2-Approximation for Prize-Collecting Steiner Forest
Ali Ahmadi, Iman Gholami, MohammadTaghi Hajiaghayi, Peyman Jabbarzade, Mohammad Mahdavi
TL;DR
The paper studies the prize-collecting Steiner forest problem (PCSF), a generalization of Steiner forest with penalties for unmet demands. It develops a combinatorial, coloring-based framework that yields a deterministic polynomial-time $2$-approximation, improving the prior $2.54$-approximation and circumventing the known integrality-gap barrier of the natural LP. The core method blends static and dynamic coloring, supported by a SetPairGraph and max-flow computations to bridge colorings with pair demands, first achieving a $3$-approximation (PCSF3) and then an iterative scheme (IPCSF) that attains the $2$-approximation, with prospects for a tighter bound approaching $2-rac{1}{n}$. This advances the practical understanding of PCSF and aligns its approximation quality with that of the Steiner forest problem, highlighting a robust, purely combinatorial approach to prize-collecting network design.
Abstract
Approximation algorithms for the prize-collecting Steiner forest problem (PCSF) have been a subject of research for over three decades, starting with the seminal works of Agrawal, Klein, and Ravi and Goemans and Williamson on Steiner forest and prize-collecting problems.

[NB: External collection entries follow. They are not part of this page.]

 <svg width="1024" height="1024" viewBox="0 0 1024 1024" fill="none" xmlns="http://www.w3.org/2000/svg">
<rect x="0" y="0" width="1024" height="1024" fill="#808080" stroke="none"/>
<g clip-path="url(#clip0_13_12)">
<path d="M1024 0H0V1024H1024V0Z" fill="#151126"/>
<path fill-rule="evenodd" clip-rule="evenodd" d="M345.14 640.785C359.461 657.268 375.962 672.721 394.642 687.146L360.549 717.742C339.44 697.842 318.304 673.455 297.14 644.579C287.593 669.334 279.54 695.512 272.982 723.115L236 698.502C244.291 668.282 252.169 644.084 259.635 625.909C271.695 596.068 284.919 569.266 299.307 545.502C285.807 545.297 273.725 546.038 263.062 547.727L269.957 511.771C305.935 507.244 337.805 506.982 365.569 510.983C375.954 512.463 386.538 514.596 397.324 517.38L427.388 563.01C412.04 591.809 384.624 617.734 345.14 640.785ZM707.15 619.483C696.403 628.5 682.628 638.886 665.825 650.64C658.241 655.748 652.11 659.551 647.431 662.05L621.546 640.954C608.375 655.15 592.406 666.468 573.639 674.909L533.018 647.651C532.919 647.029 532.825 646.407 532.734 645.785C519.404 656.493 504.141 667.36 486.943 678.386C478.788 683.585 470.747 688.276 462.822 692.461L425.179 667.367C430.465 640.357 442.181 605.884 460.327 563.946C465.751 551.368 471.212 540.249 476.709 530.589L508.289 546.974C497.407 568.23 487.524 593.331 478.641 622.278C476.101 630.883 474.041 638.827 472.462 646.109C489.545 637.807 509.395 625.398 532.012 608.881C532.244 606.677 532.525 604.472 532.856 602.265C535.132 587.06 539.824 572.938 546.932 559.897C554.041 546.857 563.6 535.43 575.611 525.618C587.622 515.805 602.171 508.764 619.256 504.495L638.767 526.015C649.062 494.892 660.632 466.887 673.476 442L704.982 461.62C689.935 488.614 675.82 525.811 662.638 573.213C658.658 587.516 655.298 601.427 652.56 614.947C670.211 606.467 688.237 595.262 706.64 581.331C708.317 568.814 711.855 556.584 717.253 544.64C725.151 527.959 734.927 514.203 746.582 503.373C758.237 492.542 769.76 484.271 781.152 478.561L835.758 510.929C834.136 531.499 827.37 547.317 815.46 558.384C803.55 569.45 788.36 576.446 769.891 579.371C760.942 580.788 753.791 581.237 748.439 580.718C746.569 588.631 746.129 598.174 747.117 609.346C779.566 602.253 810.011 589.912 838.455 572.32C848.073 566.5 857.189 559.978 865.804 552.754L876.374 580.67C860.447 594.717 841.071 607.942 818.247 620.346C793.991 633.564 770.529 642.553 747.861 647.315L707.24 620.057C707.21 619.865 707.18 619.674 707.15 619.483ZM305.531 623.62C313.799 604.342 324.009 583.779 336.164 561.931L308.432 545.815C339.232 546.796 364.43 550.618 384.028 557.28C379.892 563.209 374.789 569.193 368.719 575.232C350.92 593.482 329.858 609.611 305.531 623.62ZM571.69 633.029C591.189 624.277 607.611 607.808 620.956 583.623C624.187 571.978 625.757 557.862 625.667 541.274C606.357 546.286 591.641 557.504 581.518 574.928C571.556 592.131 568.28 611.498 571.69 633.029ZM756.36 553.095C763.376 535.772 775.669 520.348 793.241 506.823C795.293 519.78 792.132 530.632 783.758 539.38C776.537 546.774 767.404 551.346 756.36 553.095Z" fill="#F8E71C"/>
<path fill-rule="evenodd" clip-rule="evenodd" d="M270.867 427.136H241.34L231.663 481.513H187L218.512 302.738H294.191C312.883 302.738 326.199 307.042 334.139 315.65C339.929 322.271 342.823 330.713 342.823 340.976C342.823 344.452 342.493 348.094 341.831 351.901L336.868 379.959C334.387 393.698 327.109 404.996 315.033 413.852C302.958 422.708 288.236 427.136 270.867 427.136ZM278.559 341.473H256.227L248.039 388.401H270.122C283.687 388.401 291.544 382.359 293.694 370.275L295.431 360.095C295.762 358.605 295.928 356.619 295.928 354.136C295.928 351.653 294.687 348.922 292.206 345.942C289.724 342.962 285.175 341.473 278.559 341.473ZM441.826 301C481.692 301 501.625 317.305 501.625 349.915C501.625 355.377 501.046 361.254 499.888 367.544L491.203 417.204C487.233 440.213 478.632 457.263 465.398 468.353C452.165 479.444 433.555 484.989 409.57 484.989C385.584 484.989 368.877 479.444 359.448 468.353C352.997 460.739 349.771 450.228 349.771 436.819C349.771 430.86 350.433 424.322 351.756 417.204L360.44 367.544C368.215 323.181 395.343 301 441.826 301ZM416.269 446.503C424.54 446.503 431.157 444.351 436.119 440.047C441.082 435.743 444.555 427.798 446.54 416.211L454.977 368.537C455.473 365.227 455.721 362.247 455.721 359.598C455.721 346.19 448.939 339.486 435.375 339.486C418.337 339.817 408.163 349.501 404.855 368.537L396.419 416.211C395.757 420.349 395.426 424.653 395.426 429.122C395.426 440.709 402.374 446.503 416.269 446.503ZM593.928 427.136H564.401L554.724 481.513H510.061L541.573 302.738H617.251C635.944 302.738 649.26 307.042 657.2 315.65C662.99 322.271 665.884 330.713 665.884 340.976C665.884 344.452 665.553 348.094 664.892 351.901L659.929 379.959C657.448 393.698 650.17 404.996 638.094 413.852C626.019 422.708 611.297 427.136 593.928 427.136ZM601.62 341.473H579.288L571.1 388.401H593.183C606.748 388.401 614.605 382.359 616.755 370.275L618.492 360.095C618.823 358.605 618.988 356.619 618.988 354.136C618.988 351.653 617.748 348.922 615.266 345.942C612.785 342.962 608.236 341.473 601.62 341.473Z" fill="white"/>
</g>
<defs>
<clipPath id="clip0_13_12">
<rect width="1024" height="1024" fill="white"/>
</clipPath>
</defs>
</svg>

In this paper, we propose and analyze a natural deterministic algorithm for PCSF that achieves a $2$-approximate solution in polynomial time. This represents a significant improvement compared to the previously best known algorithm with a $2.54$-approximation factor developed by Hajiaghayi and Jain in 2006. Furthermore, K{ö}nemann, Olver, Pashkovich, Ravi, Swamy, and Vygen have established an integrality gap of at least $9/4$ for the natural LP relaxation for PCSF. However, we surpass this gap through the utilization of a combinatorial algorithm and a novel analysis technique. Since $2$ is the best known approximation guarantee for Steiner forest problem, which is a special case of PCSF, our result matches this factor and closes the gap between the Steiner forest problem and its generalized version, PCSF.